On eurOut we have already paid some attention to some of the scientific research that has been conducted on LGBT issues, including a Dutch study into acceptance of homosexuality in sports, happiness of kids in Rainbow families in Germany and in Denmark, and the psychological and physical health of Dutch lesbians.
Some of the topics I want to cover in upcoming columns, include research on sexual identity and especially how it relates to everyday social activities and interaction. There’s also some interesting studies on the influence of the media on lesbians and bisexual women. For example, our lovely vlogger Saskia wrote her Master thesis on the influence of the L word on the identity of Dutch lesbians (Look out for a discussion of that study next time).
A totally different area of interest is research into physical and psychological health of queer women. For example, prevalence of somatic and psychological disorders, as well as how we are treated and approached by health practitioners. One of the women whose research revolves around these topics is Dr. Julie Fish, who is also involved in the lesBian breast cancer studies we told you about recently. I’ll be telling you all about her other research soon.

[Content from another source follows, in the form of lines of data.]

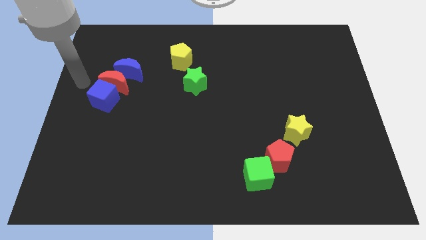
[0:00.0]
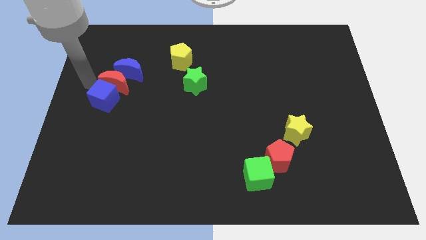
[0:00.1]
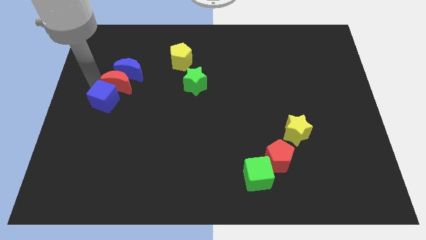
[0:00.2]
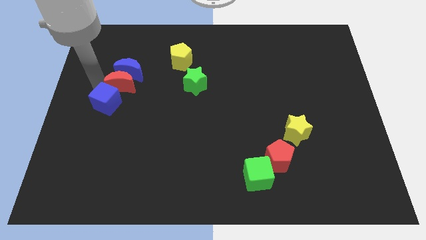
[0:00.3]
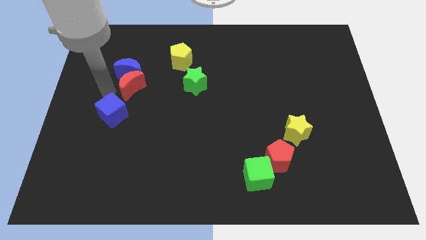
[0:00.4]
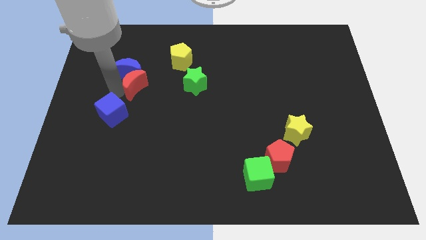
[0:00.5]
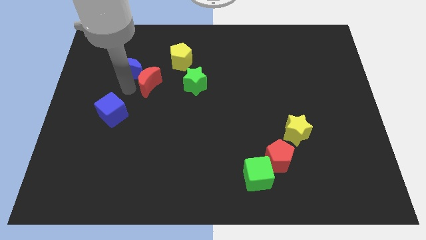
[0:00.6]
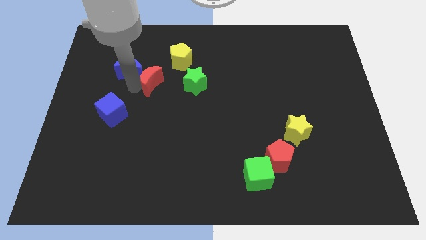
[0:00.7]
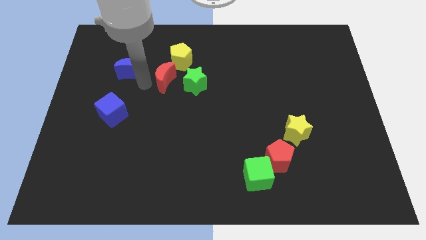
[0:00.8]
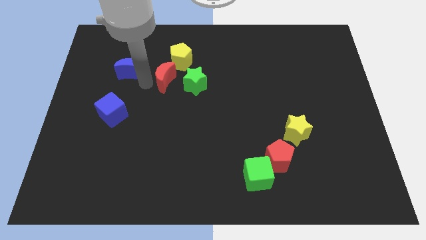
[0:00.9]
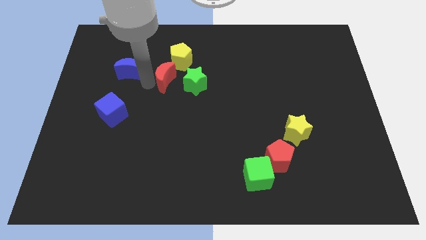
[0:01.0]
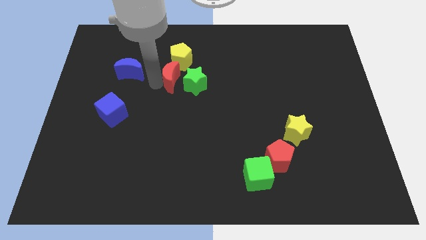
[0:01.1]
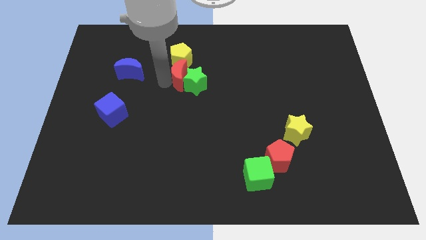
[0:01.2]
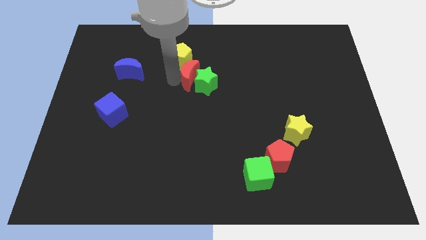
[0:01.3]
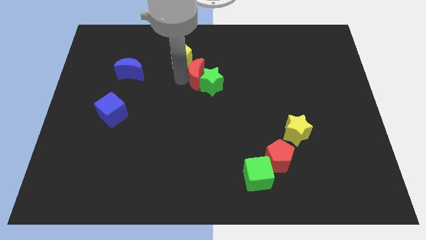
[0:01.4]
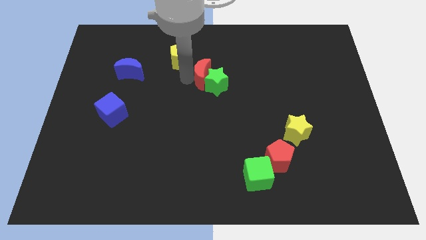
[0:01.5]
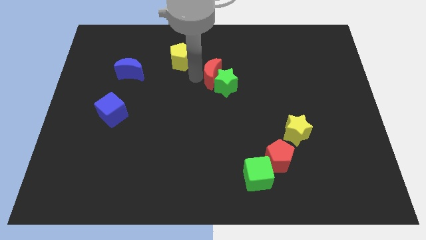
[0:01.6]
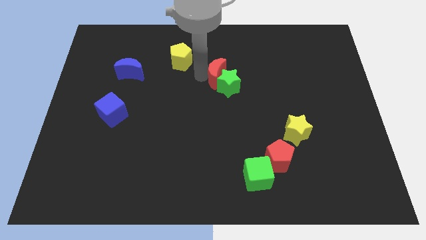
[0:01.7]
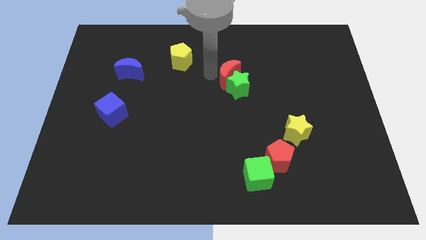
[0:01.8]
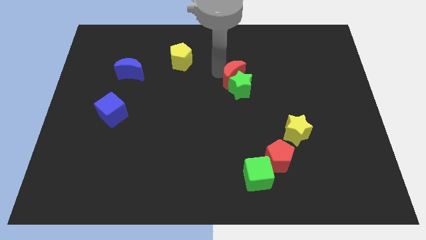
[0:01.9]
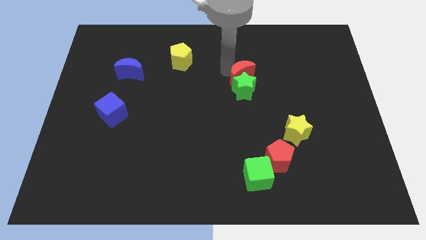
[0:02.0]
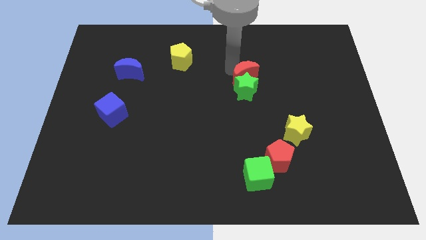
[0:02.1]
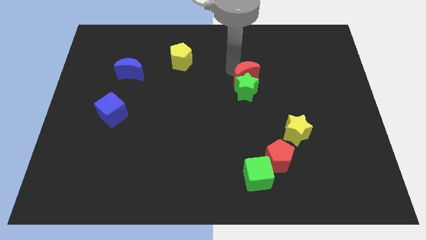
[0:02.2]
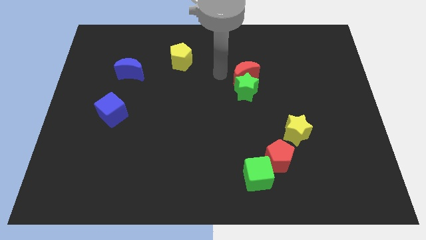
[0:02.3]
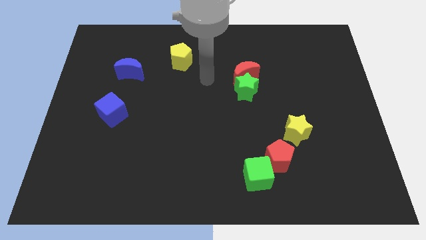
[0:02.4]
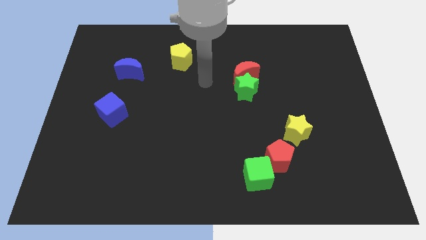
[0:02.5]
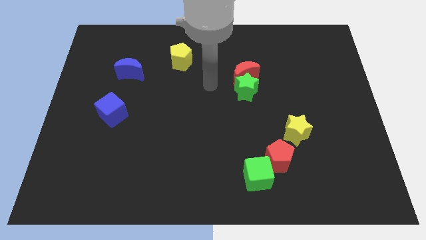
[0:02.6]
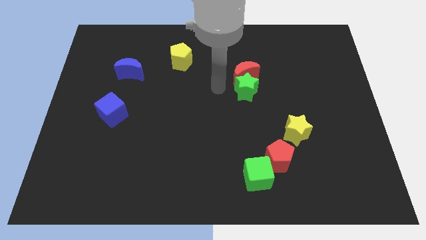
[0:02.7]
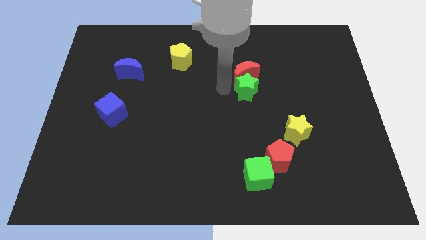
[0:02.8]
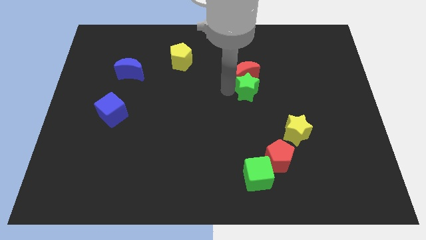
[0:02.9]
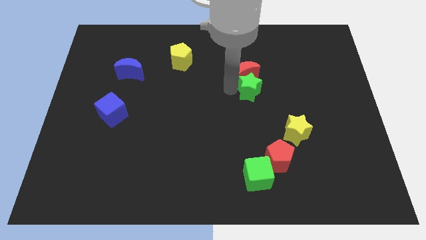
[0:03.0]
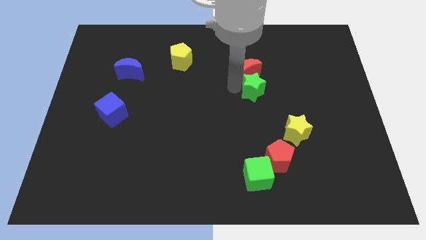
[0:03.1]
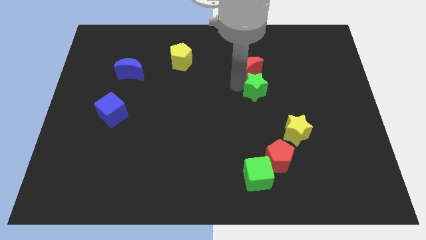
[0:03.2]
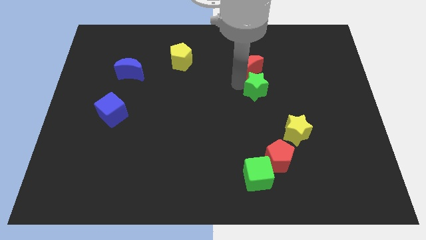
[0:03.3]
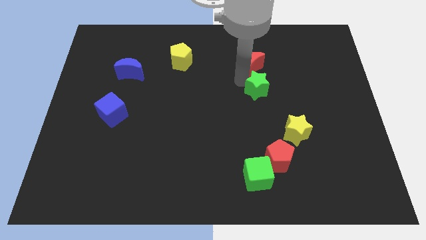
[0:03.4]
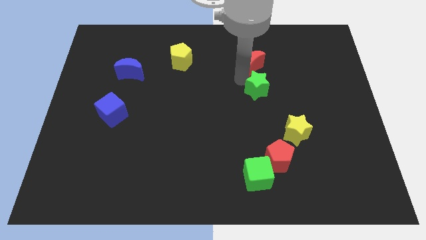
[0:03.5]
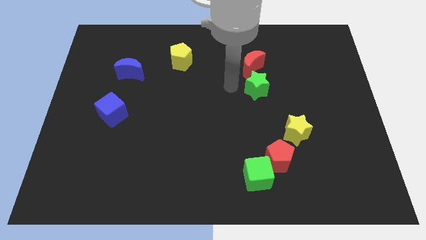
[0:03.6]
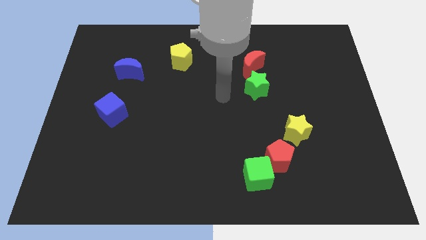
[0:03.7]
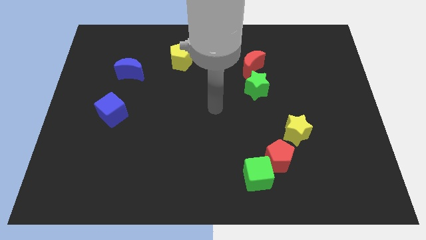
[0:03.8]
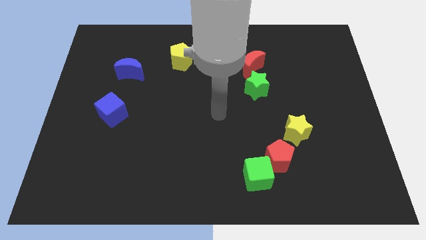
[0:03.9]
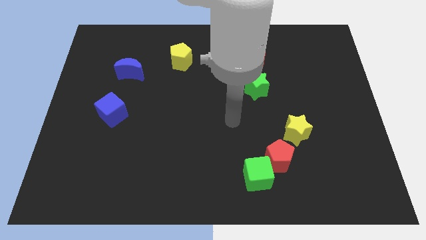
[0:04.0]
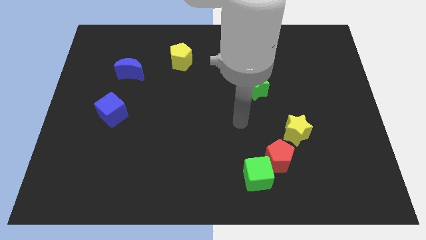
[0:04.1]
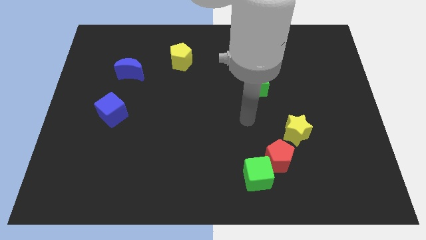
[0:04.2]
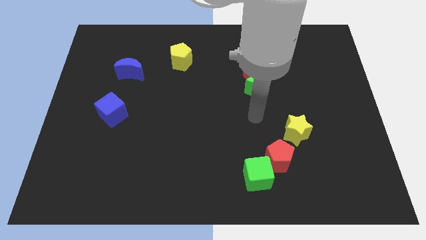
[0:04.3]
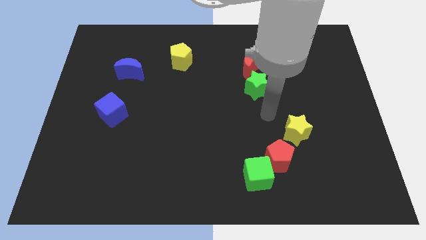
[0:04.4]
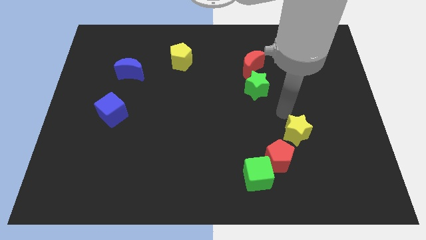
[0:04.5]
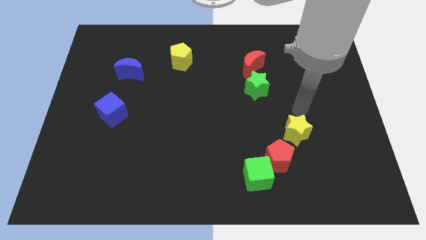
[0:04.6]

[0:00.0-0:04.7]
push red moon into the green star

Related to this topic are two very different fields, one is that of biology and neuroscience, where they have done research into possible homosexual genes, dominant sides of the brain, testosterone levels, left handedness, finger length and lots more studies like that that you’ve probably already heard of. I will look into them and tell you what they actually do know for sure and how much has just been exaggerated in the media.
Another field that’s filled with studies (and theories) about homosexuality is that of psychology. For many years now researchers and therapists have tried to figure out not just what and if something makes you gay, but also what it means to be a lesbian, your quality of life and how we (gays and straights) all could get along a little better. There’s much more to it than that, but I will elaborate more when I get to my psychology issue of my column.
And finally, yes, there will be graphs ;-)
Are these the kind of research topics you would be interested or are there any other areas of research involving lesBian women that you would like to learn more about? Leave your suggestions in the comments and check back next month for the second edition of studying lesbians.
This post was first published on eurout.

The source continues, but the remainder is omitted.